R&D tax credit funding allows companies with significant research and development expenditure to borrow against their expected government R&D rebates before they are received. This mechanism is common practice among technology companies that generate substantial R&D tax credits through eligible innovation activities.
The structure is considered “non-dilutive” because it does not require issuing new shares or equity to raise capital. Instead, companies monetise an existing government entitlement, preserving ownership percentages for current shareholders while accessing working capital to support ongoing operations.

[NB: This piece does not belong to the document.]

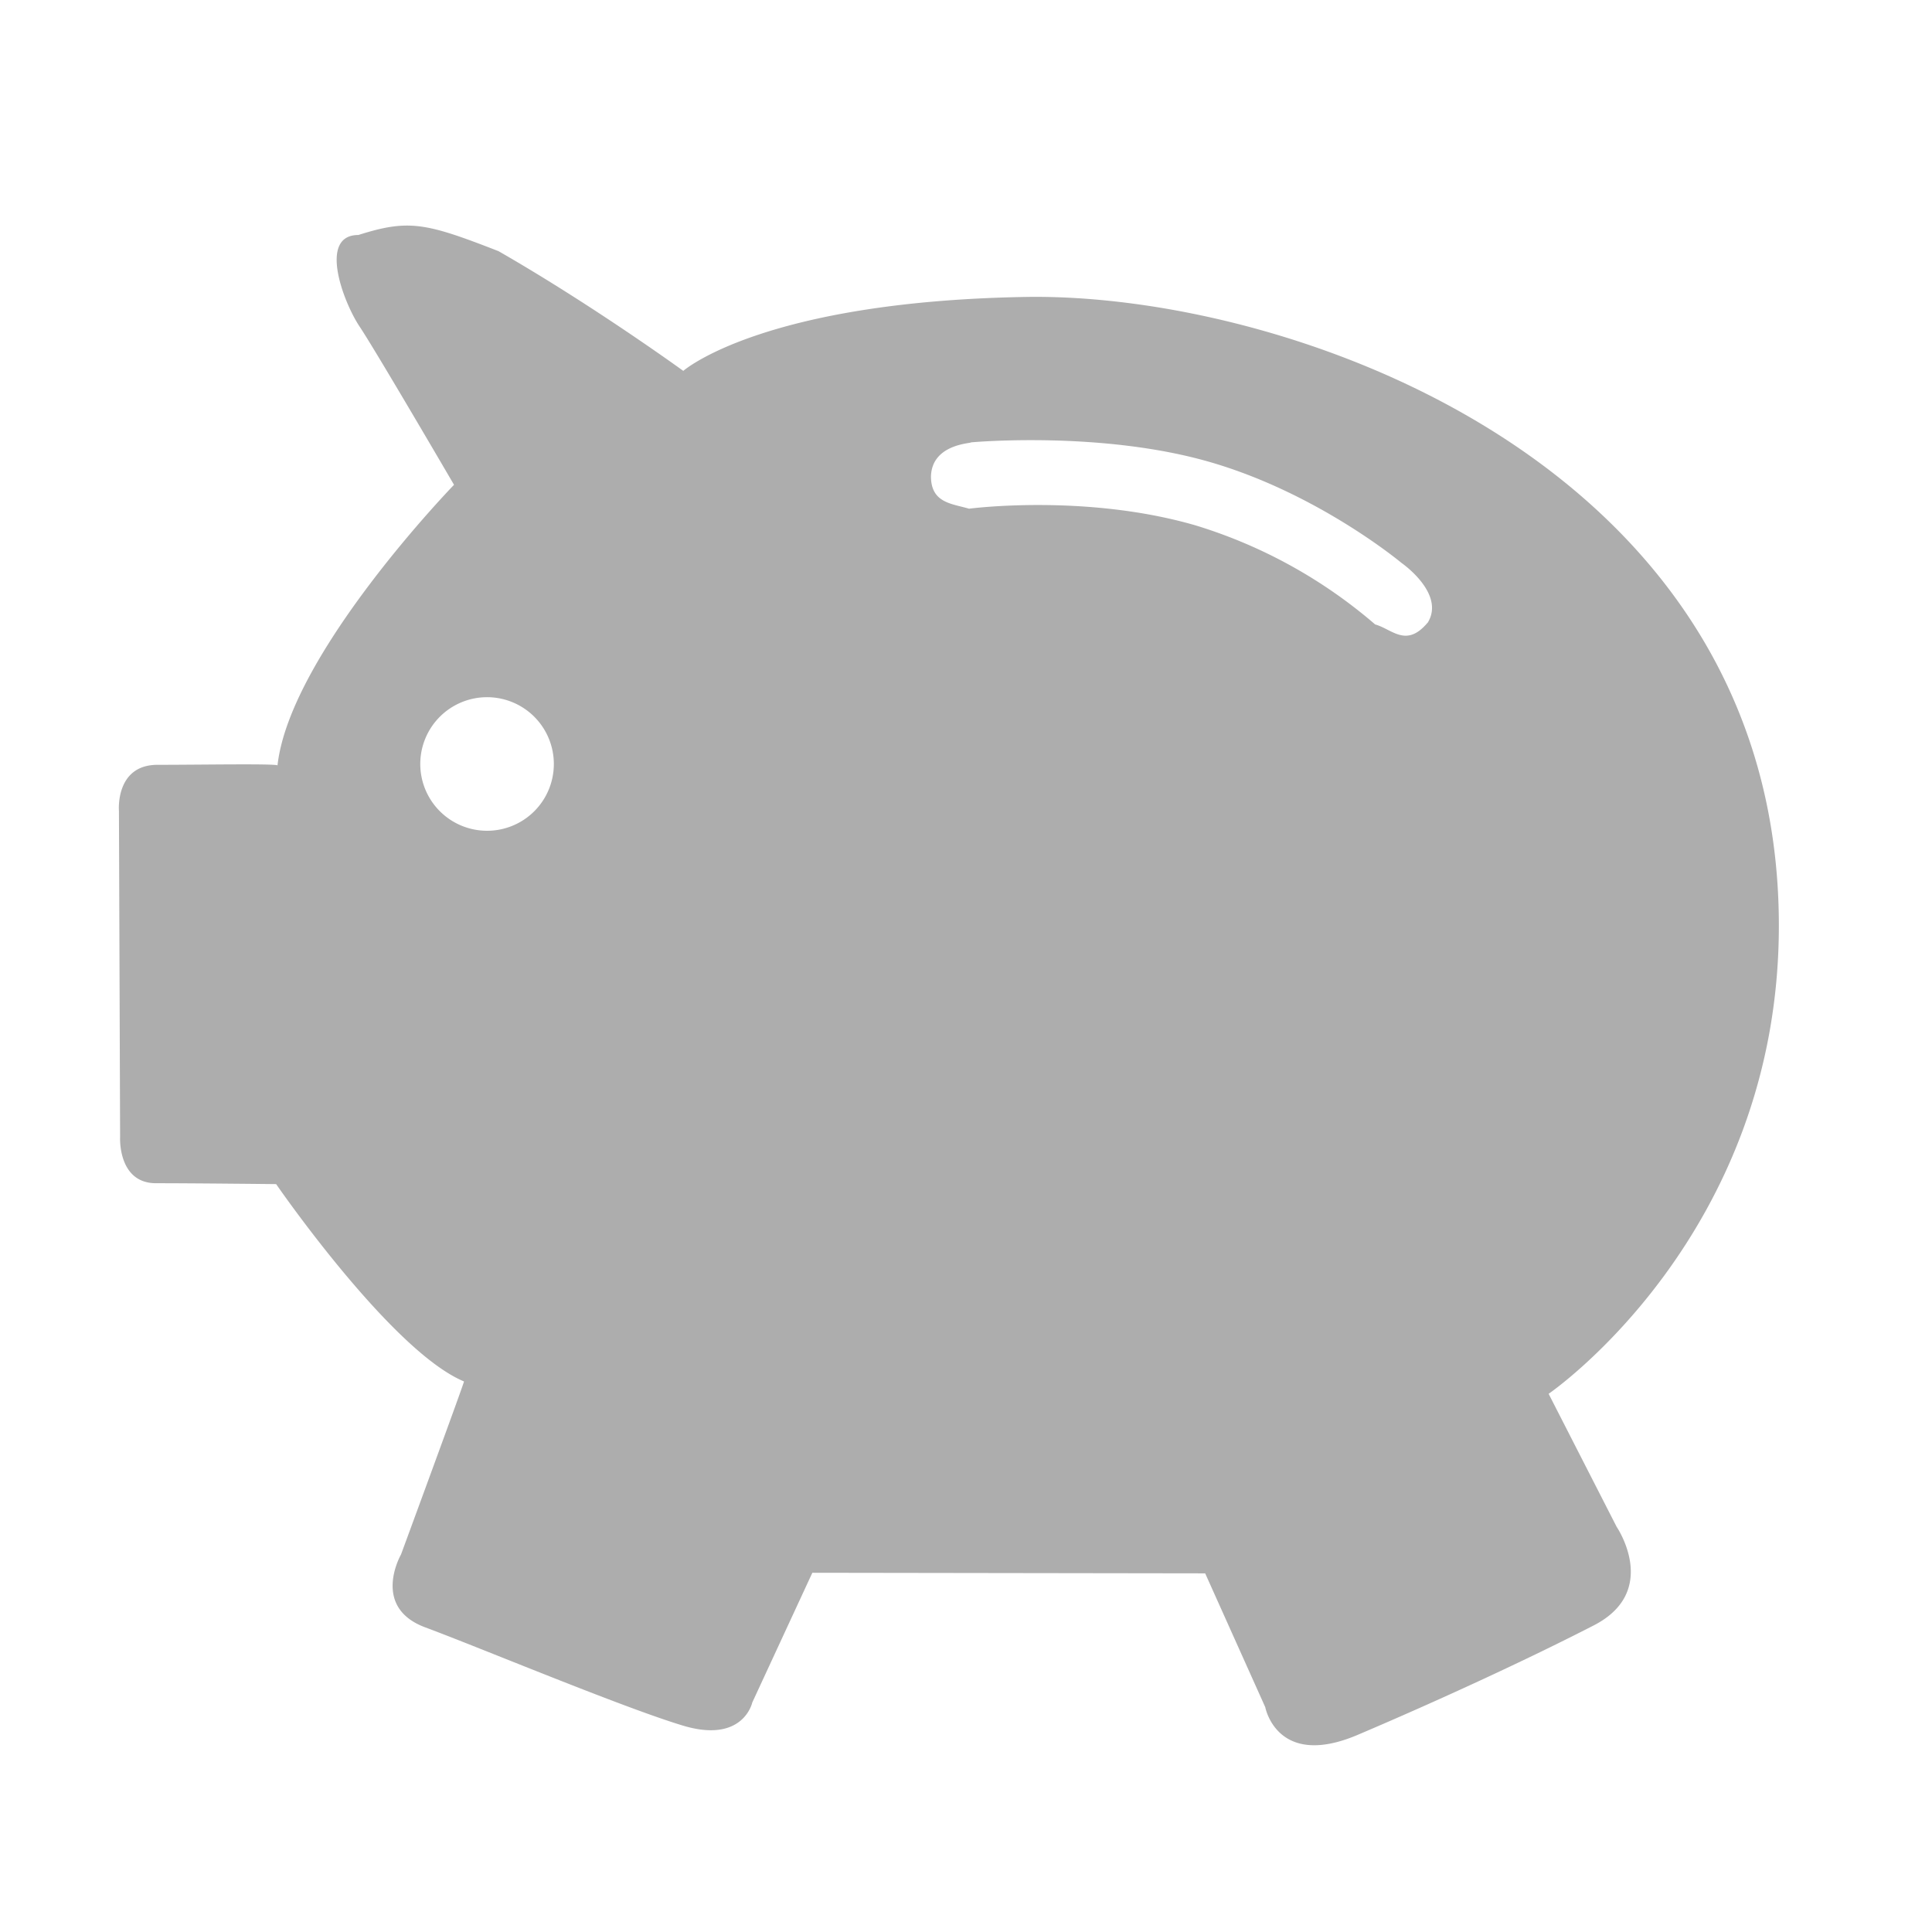 <svg id="Ebene_1" data-name="Ebene 1" xmlns="http://www.w3.org/2000/svg" viewBox="0 0 300 300"><defs><style>.cls-1{fill:#adadad;}</style></defs><title>wirtschaft</title><path class="cls-1" d="M240.47,216.43s35.75-24.45,35.75-72.69c0-71.79-76.1-98.34-117-97.63s-53.12,11.48-53.12,11.48S92.17,47.47,77.41,39c-11.3-4.4-13.92-5-21.76-2.51-6.28,0-2.33,10.45.19,14.22S70.5,75.28,70.5,75.28,45,101.57,43.09,118.86c0-.31-12-.1-18.62-.1s-6,7.18-6,7.18l.18,50.61s-.4,7.18,5.58,7.18,18.65.14,18.65.14,17.86,25.93,29.17,30.64c0,.31-9.78,26.87-9.78,26.87s-4.71,8.17,3.77,11.32,30.61,12.42,40,15.25,10.77-3.58,10.77-3.58l9.33-20.15,61,.09,9.33,20.78s1.79,9.64,14.35,4.3,26.29-11.67,36.66-17,3.55-15.31,3.55-15.31ZM75.66,129A10.37,10.37,0,1,1,86,118.62,10.36,10.36,0,0,1,75.66,129Zm146-32.29c-3.31,3.92-5.46,1-8.13.25A77.14,77.14,0,0,0,185.71,81.6c-17.17-5-35.24-2.61-35.24-2.61-2.66-.79-5.89-.87-5.91-5,.14-5.08,6.3-5.12,6.22-5.3,0,0,20.34-1.87,37.35,3.13,16.74,4.91,29.52,15.61,29.52,15.61S224.49,92.16,221.69,96.7Z"/></svg>

For investors, this funding type signals management’s confidence that equity markets are undervaluing the company, making debt secured against tax credits a more shareholder-friendly option than raising capital through share placements at current prices.

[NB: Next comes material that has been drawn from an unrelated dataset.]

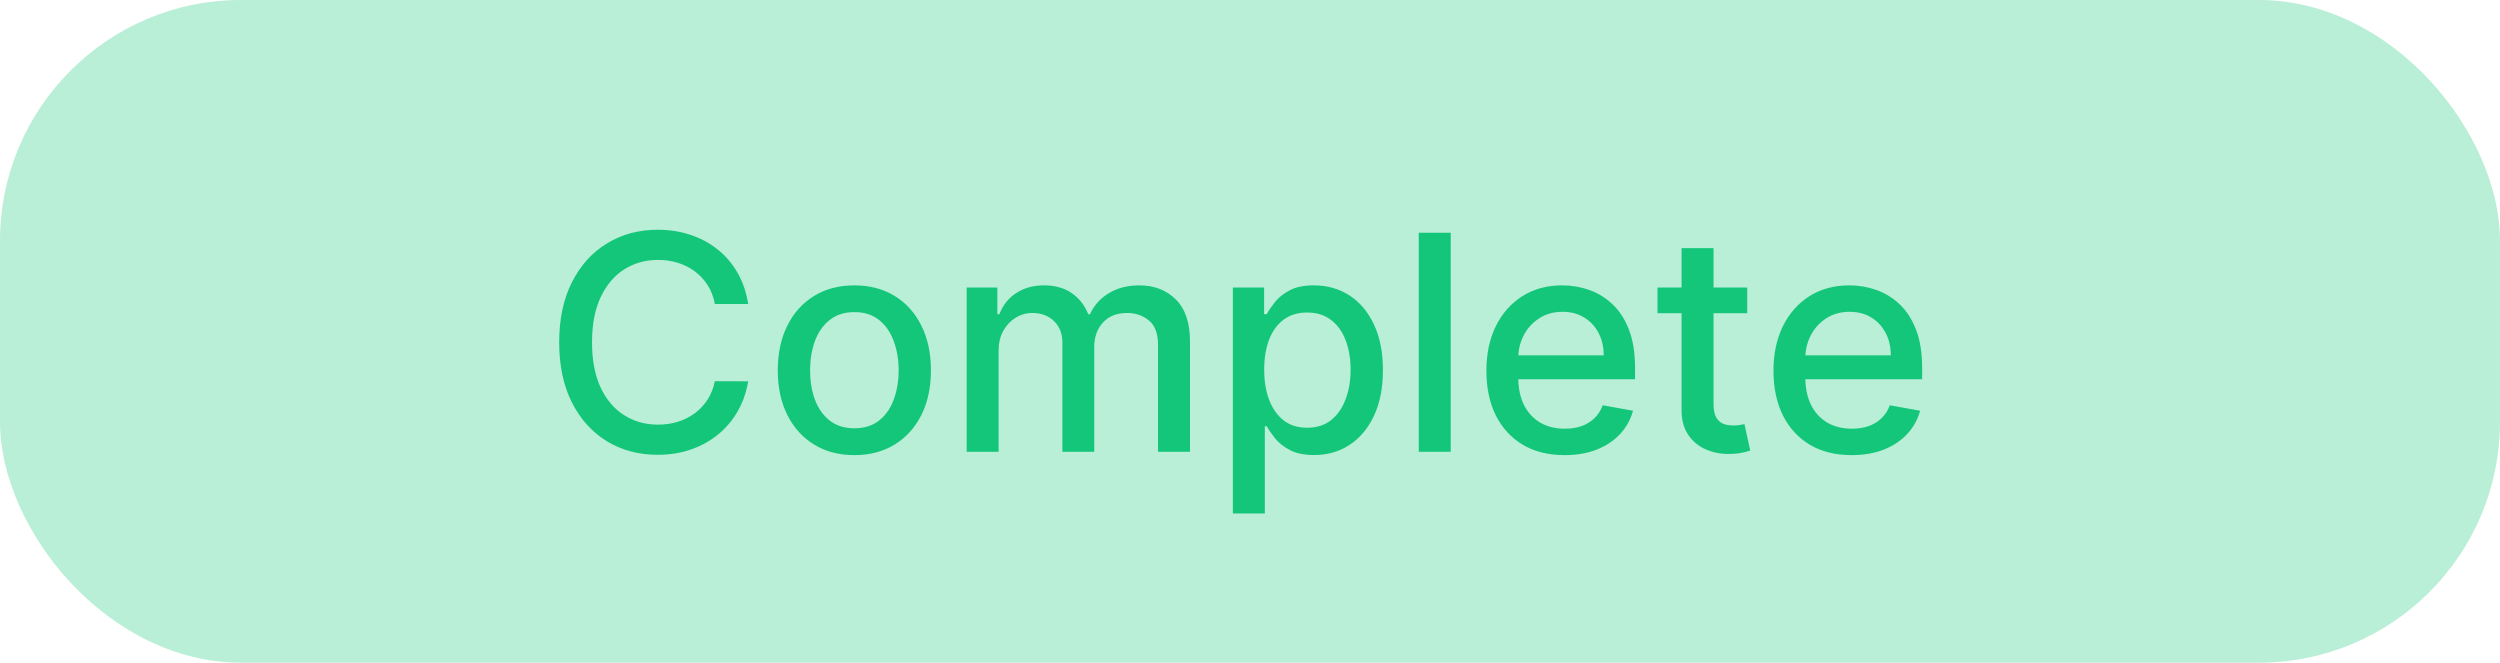 <svg width="83" height="22" viewBox="0 0 83 22" fill="none" xmlns="http://www.w3.org/2000/svg">
<rect width="83" height="22" rx="8" fill="#14C67A" fill-opacity="0.3"/>
<path d="M24.84 10.092H23.732C23.689 9.856 23.61 9.647 23.494 9.467C23.378 9.287 23.236 9.135 23.067 9.009C22.899 8.884 22.711 8.789 22.503 8.725C22.297 8.661 22.078 8.629 21.846 8.629C21.427 8.629 21.052 8.735 20.72 8.945C20.391 9.156 20.131 9.465 19.939 9.872C19.75 10.279 19.655 10.777 19.655 11.364C19.655 11.956 19.75 12.455 19.939 12.862C20.131 13.269 20.392 13.577 20.724 13.786C21.055 13.994 21.428 14.098 21.842 14.098C22.072 14.098 22.29 14.067 22.496 14.006C22.704 13.942 22.892 13.848 23.06 13.725C23.229 13.602 23.37 13.452 23.486 13.274C23.605 13.094 23.687 12.888 23.732 12.656L24.84 12.66C24.78 13.017 24.666 13.346 24.495 13.647C24.327 13.945 24.11 14.203 23.845 14.421C23.582 14.637 23.282 14.803 22.943 14.922C22.605 15.04 22.235 15.099 21.835 15.099C21.206 15.099 20.644 14.95 20.152 14.652C19.66 14.351 19.271 13.922 18.987 13.363C18.706 12.804 18.565 12.138 18.565 11.364C18.565 10.587 18.707 9.921 18.991 9.364C19.275 8.806 19.663 8.377 20.155 8.079C20.648 7.778 21.208 7.628 21.835 7.628C22.221 7.628 22.581 7.683 22.915 7.795C23.251 7.904 23.553 8.065 23.82 8.278C24.088 8.488 24.309 8.746 24.484 9.052C24.66 9.355 24.778 9.702 24.84 10.092ZM28.365 15.11C27.854 15.11 27.407 14.993 27.026 14.758C26.645 14.524 26.349 14.196 26.138 13.775C25.928 13.354 25.822 12.861 25.822 12.298C25.822 11.732 25.928 11.237 26.138 10.813C26.349 10.389 26.645 10.06 27.026 9.826C27.407 9.592 27.854 9.474 28.365 9.474C28.876 9.474 29.323 9.592 29.704 9.826C30.085 10.06 30.381 10.389 30.591 10.813C30.802 11.237 30.907 11.732 30.907 12.298C30.907 12.861 30.802 13.354 30.591 13.775C30.381 14.196 30.085 14.524 29.704 14.758C29.323 14.993 28.876 15.11 28.365 15.11ZM28.368 14.219C28.7 14.219 28.974 14.131 29.192 13.956C29.41 13.781 29.571 13.548 29.675 13.256C29.782 12.965 29.835 12.644 29.835 12.294C29.835 11.946 29.782 11.626 29.675 11.335C29.571 11.042 29.41 10.806 29.192 10.629C28.974 10.451 28.7 10.362 28.368 10.362C28.035 10.362 27.758 10.451 27.538 10.629C27.32 10.806 27.157 11.042 27.051 11.335C26.947 11.626 26.895 11.946 26.895 12.294C26.895 12.644 26.947 12.965 27.051 13.256C27.157 13.548 27.32 13.781 27.538 13.956C27.758 14.131 28.035 14.219 28.368 14.219ZM32.093 15V9.545H33.112V10.433H33.179C33.293 10.133 33.479 9.898 33.737 9.73C33.995 9.56 34.304 9.474 34.664 9.474C35.028 9.474 35.334 9.56 35.58 9.73C35.828 9.901 36.012 10.135 36.13 10.433H36.187C36.317 10.142 36.525 9.91 36.809 9.737C37.093 9.562 37.431 9.474 37.824 9.474C38.319 9.474 38.723 9.63 39.035 9.94C39.35 10.25 39.508 10.717 39.508 11.342V15H38.446V11.442C38.446 11.072 38.345 10.805 38.144 10.639C37.943 10.473 37.702 10.391 37.423 10.391C37.077 10.391 36.809 10.497 36.617 10.71C36.425 10.921 36.329 11.192 36.329 11.523V15H35.271V11.374C35.271 11.078 35.179 10.84 34.994 10.661C34.809 10.481 34.569 10.391 34.273 10.391C34.072 10.391 33.886 10.444 33.716 10.55C33.547 10.655 33.411 10.8 33.307 10.987C33.205 11.174 33.154 11.391 33.154 11.637V15H32.093ZM40.931 17.046V9.545H41.968V10.43H42.056C42.118 10.316 42.207 10.185 42.323 10.036C42.439 9.886 42.6 9.756 42.806 9.645C43.011 9.531 43.284 9.474 43.622 9.474C44.063 9.474 44.456 9.586 44.801 9.808C45.147 10.031 45.418 10.352 45.614 10.771C45.813 11.19 45.913 11.694 45.913 12.283C45.913 12.873 45.815 13.378 45.618 13.8C45.422 14.219 45.152 14.542 44.808 14.769C44.465 14.994 44.073 15.107 43.633 15.107C43.302 15.107 43.031 15.051 42.82 14.94C42.611 14.828 42.448 14.698 42.33 14.549C42.211 14.4 42.12 14.267 42.056 14.151H41.992V17.046H40.931ZM41.971 12.273C41.971 12.656 42.027 12.992 42.138 13.281C42.249 13.57 42.41 13.796 42.621 13.96C42.832 14.12 43.09 14.201 43.395 14.201C43.712 14.201 43.977 14.117 44.191 13.949C44.404 13.778 44.565 13.548 44.673 13.256C44.785 12.965 44.84 12.637 44.84 12.273C44.84 11.913 44.786 11.59 44.677 11.303C44.571 11.017 44.41 10.791 44.194 10.625C43.981 10.459 43.715 10.376 43.395 10.376C43.087 10.376 42.827 10.456 42.614 10.614C42.403 10.773 42.243 10.994 42.134 11.278C42.026 11.562 41.971 11.894 41.971 12.273ZM48.164 7.727V15H47.102V7.727H48.164ZM51.944 15.11C51.406 15.11 50.943 14.995 50.555 14.766C50.169 14.534 49.871 14.208 49.66 13.789C49.452 13.368 49.348 12.874 49.348 12.308C49.348 11.749 49.452 11.257 49.66 10.831C49.871 10.405 50.164 10.072 50.541 9.833C50.92 9.594 51.362 9.474 51.869 9.474C52.177 9.474 52.475 9.525 52.764 9.627C53.053 9.729 53.312 9.889 53.541 10.107C53.771 10.324 53.952 10.607 54.085 10.955C54.217 11.301 54.284 11.721 54.284 12.216V12.592H49.948V11.797H53.243C53.243 11.518 53.186 11.27 53.073 11.055C52.959 10.837 52.799 10.665 52.593 10.54C52.39 10.414 52.151 10.352 51.876 10.352C51.578 10.352 51.317 10.425 51.095 10.572C50.875 10.716 50.704 10.905 50.584 11.14C50.465 11.372 50.406 11.624 50.406 11.896V12.518C50.406 12.882 50.47 13.193 50.598 13.448C50.728 13.704 50.909 13.899 51.141 14.034C51.373 14.167 51.644 14.233 51.954 14.233C52.155 14.233 52.339 14.204 52.505 14.148C52.67 14.088 52.814 14.001 52.934 13.885C53.055 13.769 53.147 13.626 53.211 13.455L54.216 13.636C54.136 13.932 53.991 14.191 53.783 14.414C53.577 14.634 53.318 14.806 53.005 14.929C52.695 15.05 52.341 15.11 51.944 15.11ZM58.008 9.545V10.398H55.029V9.545H58.008ZM55.828 8.239H56.889V13.398C56.889 13.604 56.92 13.759 56.982 13.864C57.043 13.965 57.123 14.035 57.22 14.073C57.319 14.109 57.427 14.126 57.543 14.126C57.628 14.126 57.703 14.12 57.767 14.109C57.83 14.097 57.88 14.087 57.916 14.08L58.107 14.957C58.046 14.981 57.958 15.005 57.845 15.028C57.731 15.055 57.589 15.069 57.419 15.071C57.139 15.076 56.879 15.026 56.637 14.922C56.396 14.818 56.2 14.657 56.051 14.439C55.902 14.221 55.828 13.948 55.828 13.619V8.239ZM61.475 15.11C60.937 15.11 60.475 14.995 60.086 14.766C59.7 14.534 59.402 14.208 59.191 13.789C58.983 13.368 58.879 12.874 58.879 12.308C58.879 11.749 58.983 11.257 59.191 10.831C59.402 10.405 59.696 10.072 60.072 9.833C60.451 9.594 60.894 9.474 61.4 9.474C61.708 9.474 62.006 9.525 62.295 9.627C62.584 9.729 62.843 9.889 63.073 10.107C63.302 10.324 63.483 10.607 63.616 10.955C63.749 11.301 63.815 11.721 63.815 12.216V12.592H59.479V11.797H62.775C62.775 11.518 62.718 11.27 62.604 11.055C62.49 10.837 62.331 10.665 62.125 10.54C61.921 10.414 61.682 10.352 61.407 10.352C61.109 10.352 60.849 10.425 60.626 10.572C60.406 10.716 60.235 10.905 60.115 11.14C59.996 11.372 59.937 11.624 59.937 11.896V12.518C59.937 12.882 60.001 13.193 60.129 13.448C60.259 13.704 60.44 13.899 60.672 14.034C60.904 14.167 61.175 14.233 61.485 14.233C61.687 14.233 61.87 14.204 62.036 14.148C62.202 14.088 62.345 14.001 62.466 13.885C62.586 13.769 62.679 13.626 62.742 13.455L63.748 13.636C63.667 13.932 63.523 14.191 63.314 14.414C63.108 14.634 62.849 14.806 62.537 14.929C62.226 15.05 61.873 15.11 61.475 15.11Z" fill="#14C67A"/>
</svg>

Facility terms and structure
The ClearVue Technologies R&D Funding Facility carries an 8% per annum interest rate and a 4% implementation fee. The facility includes an attaching options structure where RiverFort receives options equal to 30% of each drawdown amount divided by the Reference Price (5-day VWAP on the trading day prior to drawdown), exercisable at 130% of the Reference Price, expiring 24 months from the relevant drawdown date.
| Term | Detail |
|---|---|
| Headline Amount | A$3,000,000 |
| Initial Drawdown | A$1,000,000 (on or before 12 March 2026) |
| Interest Rate | 8% per annum |
| Implementation Fee | 4% |
| Options Exercise Price | 130% of Reference Price |
| Options Expiry | 24 months from drawdown |
| Availability Period | 12 months from last drawdown |
The options structure provides upside alignment for RiverFort while the interest rate reflects the secured nature of the facility against the R&D rebate. The 12-month availability period provides flexibility for ClearVue to access the additional A$2.0 million as operational milestones are achieved.
Strategic use of proceeds
The facility proceeds will be allocated across four operational categories, each targeting certification milestones and commercial deployment activities that represent key value drivers for the business:
- Testing and certification programmes
- Product compliance and validation initiatives
- Advancement of commercial deployment activities
- General working capital
This allocation directly supports the operational pathway required to unlock commercial revenue opportunities. Testing and certification programmes represent critical milestones for building product adoption, while compliance and validation initiatives address market entry requirements across different jurisdictions.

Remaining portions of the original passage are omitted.